Forse potrebbe sembrare una semplificazione della vita e delle situazioni complesse, come possono essere alcune malattie, però i nostri stati mentali si convertono in modo profondo nel nostro stato fisico e, in alcun modo che ci scappa nella quotidianità, la maggior parte delle nostre malattie sono il risultato di processi psichici. Anche se la scienza occidentale contemporanea non ha formulato ancora una concezione totalmente integrale della salute, nella quale nessuna malattia sia slegata da un processo mente-corpo, è probabile che avanzi verso quella direzione, curiosamente una evoluzione che è un ritorno alle premesse della medicina e della filosofia delle culture tradizionali (generalmente considerate come primitive dalla scienza moderna): una comprensione olistica della natura.

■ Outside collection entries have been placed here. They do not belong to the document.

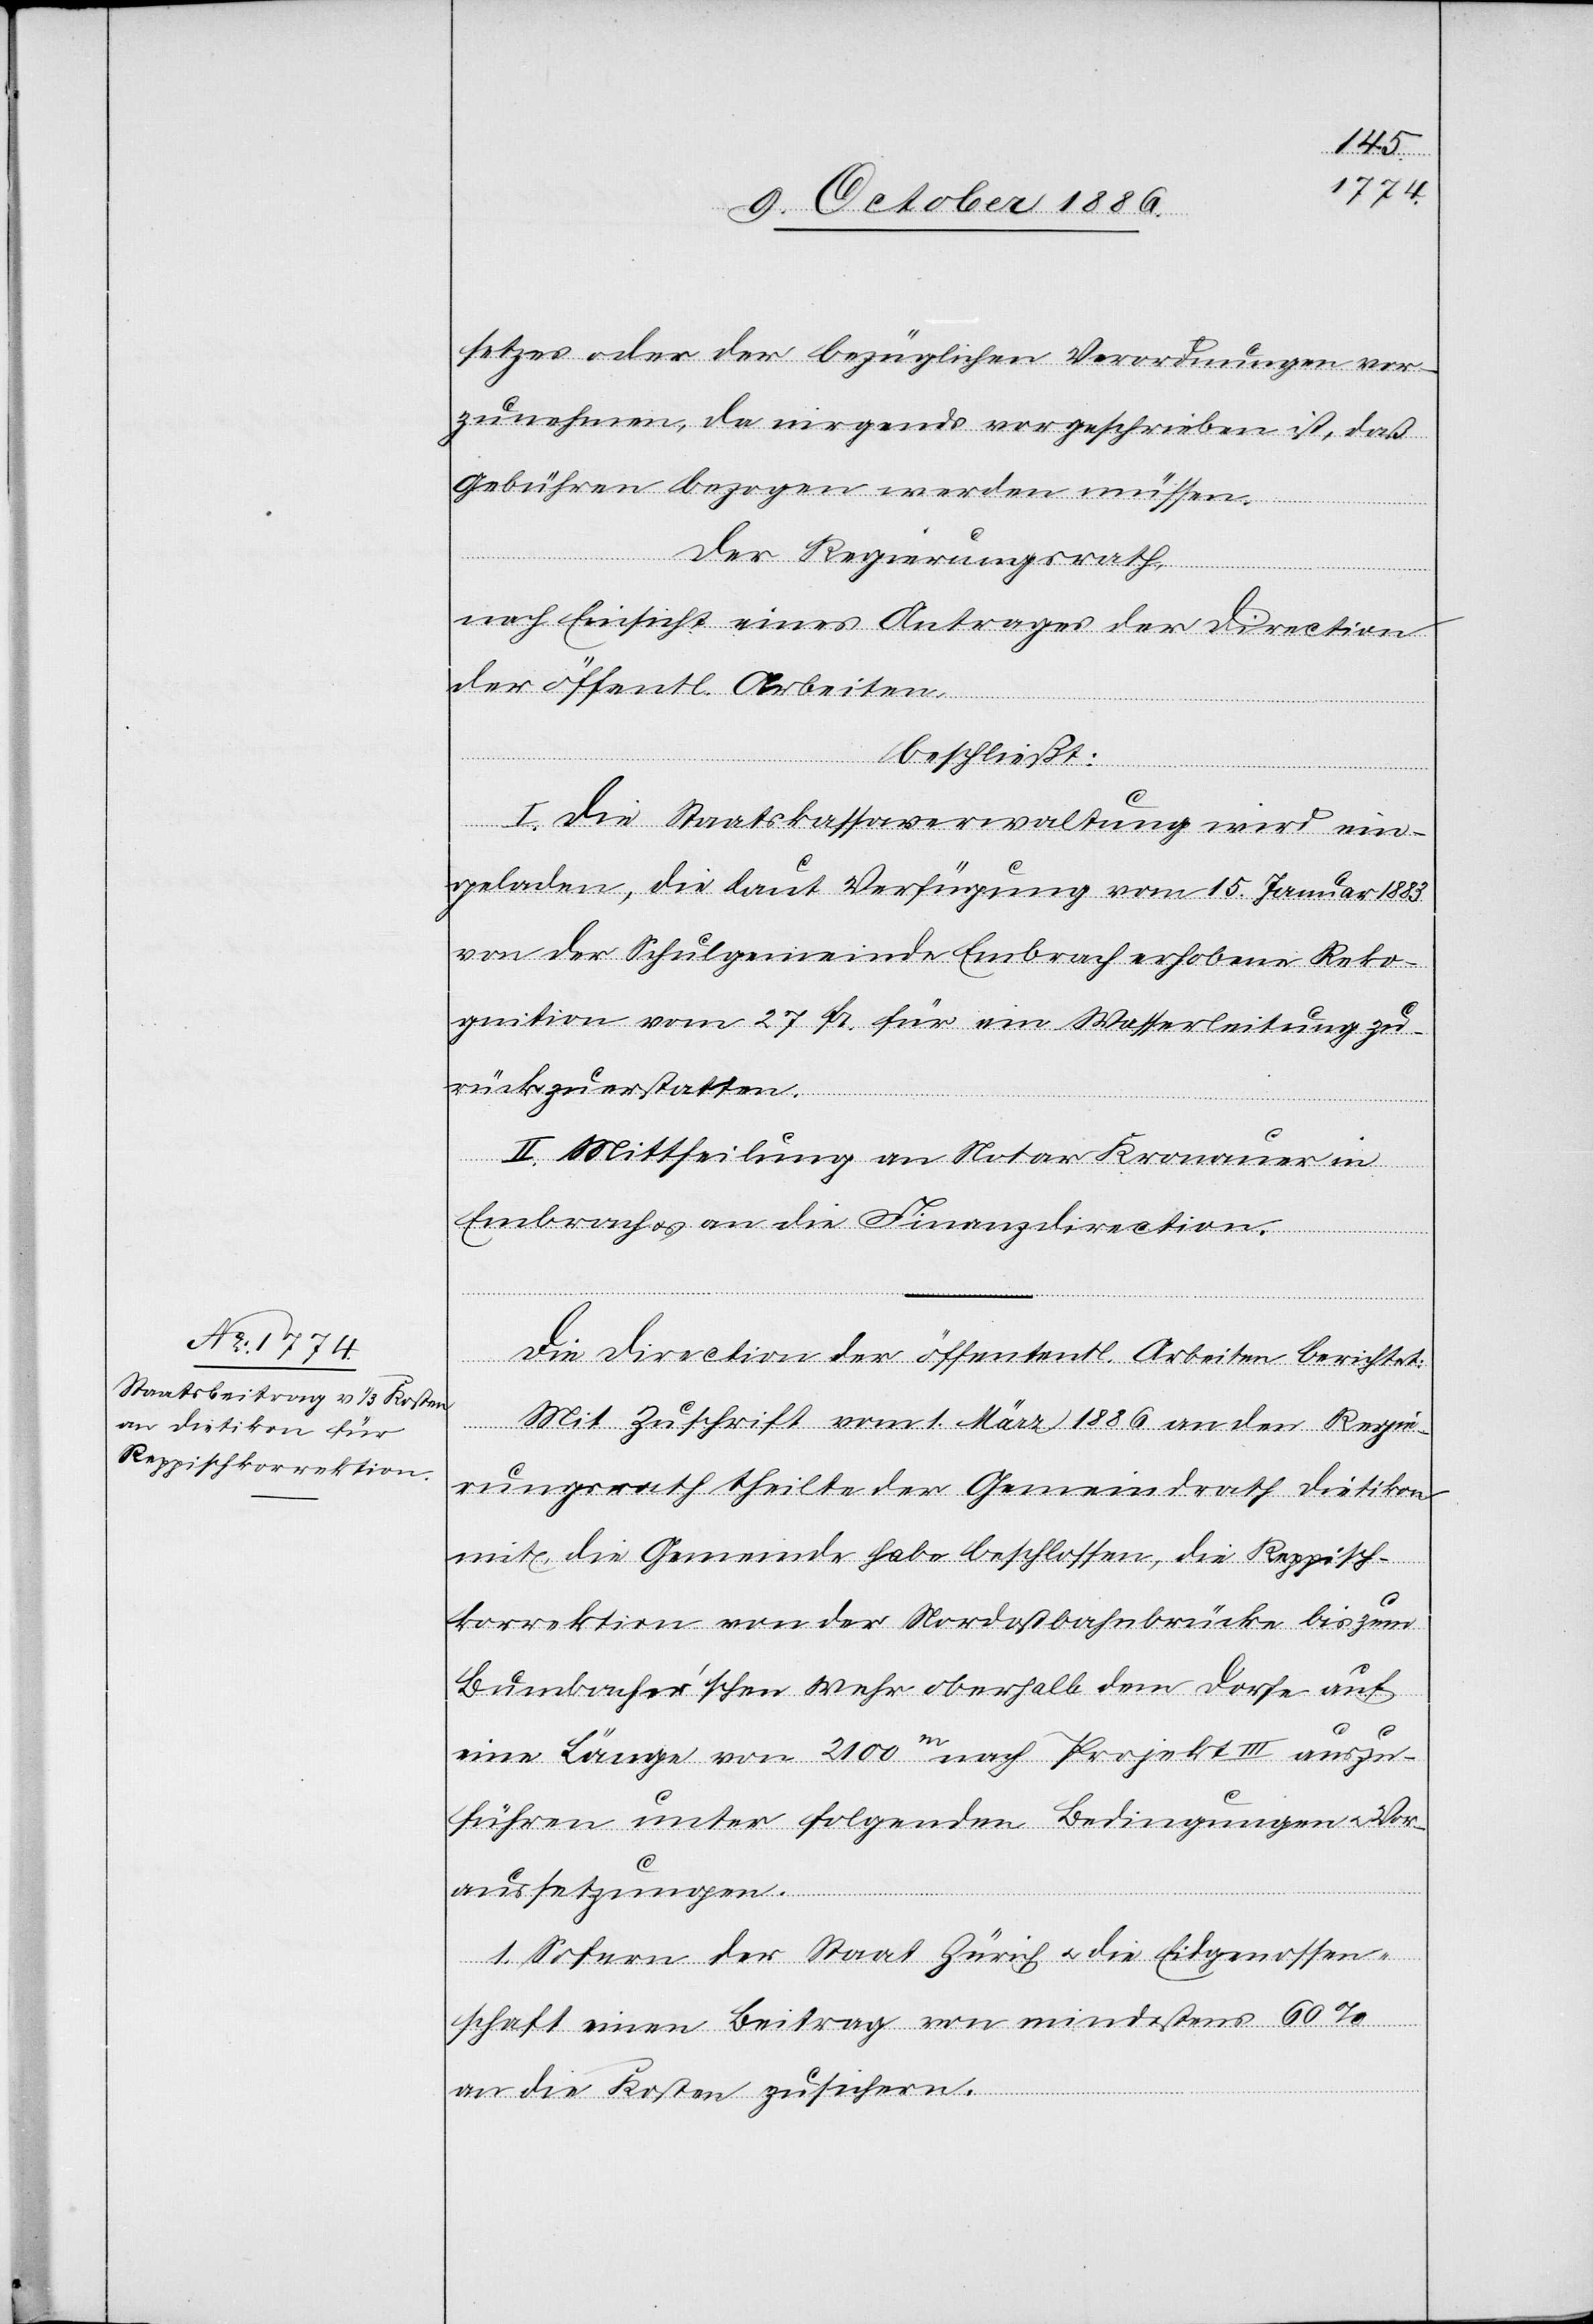
setzes oder der bezüglichen Verordnungen vor¬
zunehmen, da nirgends vorgeschrieben ist, daß
Gebühren bezogen werden müssen.
Der Regierungsrath,
nach Einsicht eines Antrages der Direction
der öffentl. Arbeiten,
beschließt:
I. Die Staatskassaverwaltung wird ein¬
geladen, die laut Verfügung vom 15. Januar 1883
von der Schulgemeinde Embrach erhobene Reko¬
gnition vom [sic!] 27. Fr. für ein Wasserleitung zu¬
rück zu erstatten.
II. Mittheilung an Notar Kronauer in
Embrach & an die Finanzdirection.
Die Direction der öffententl. [sic!] Arbeiten berichtet:
Mit Zuschrift vom 1. März 1886 an den Regie¬
rungsrath theilte der Gemeindrath Dietikon
mit, die Gemeinde habe beschlossen, die Reppisch¬
korrektion von der Nordostbahnbrücke bis zum
Bumbacher’schen Wehr oberhalb dem Dorfe auf
eine Länge von 2100m nach Projekt III auszu¬
führen unter folgenden Bedingungen & Vor¬
aussetzungen.
1. Sofern der Staat Zürich & die Eidgenossen¬
schaft einen Beitrag von mindestens 60%
an die Kosten zusichern.

In questo senso, oltre a esplorare diverse tecniche di mentalizzazione per guarire, si dovrebbe riflettere su quei pensieri e modelli mentali che ci hanno condotto ad ammalarci, molti di loro si nascondono nel nostro inconscio e desideriamo evitare di affrontarli, però nel processo di individuarli e osservarli staremmo iniziando il viaggio vitale dell’autoconoscenza nel quale ognuno di noi può convertirsi nel suo proprio sciamano – veramente nell’unico medico che può guarire alle radici. Fintanto che non faremo cosciente il nostro inconscio, come enfatizzò Carl Jung, saremo predisposti a una serie di contingenze che costantemente minacciano di prendere il controllo del nostro corpo e la direzione che prende la nostra vita. (Fare cosciente l’inconscio permette anche che si conosca come funziona la mente – vedendo le cause e gli effetti in modo trasparente – e in questo modo evita di essere ipocriti o impostori pensando positivo cercando una specie di effetto magico sconosciuto e riempiendo il mondo di falsi sorrisi programmati).

Ogni pensiero, ogni attività mentale che realizzi, è un seme di ciò che sarai. Non è necessario invocare la magia per capire questo, ma piuttosto la più pura casualità, a una minuziosa concatenazione di eventi e situazioni mentali che vanno, nello stesso modo che l’esercizio fisico, modellando la nostra anatomia psichica, la quale esercita potestà sul nostro corpo. Come si suol dire dello yoga: “il corpo non è solido, solo la mente”. Nella misura in cui siamo capaci, attraverso la disciplina, di generare stati mentali sufficientemente flessibili, potremo sicuramente superare gli scogli del corpo e questo supposto determinismo inesorabile che presenta la genetica.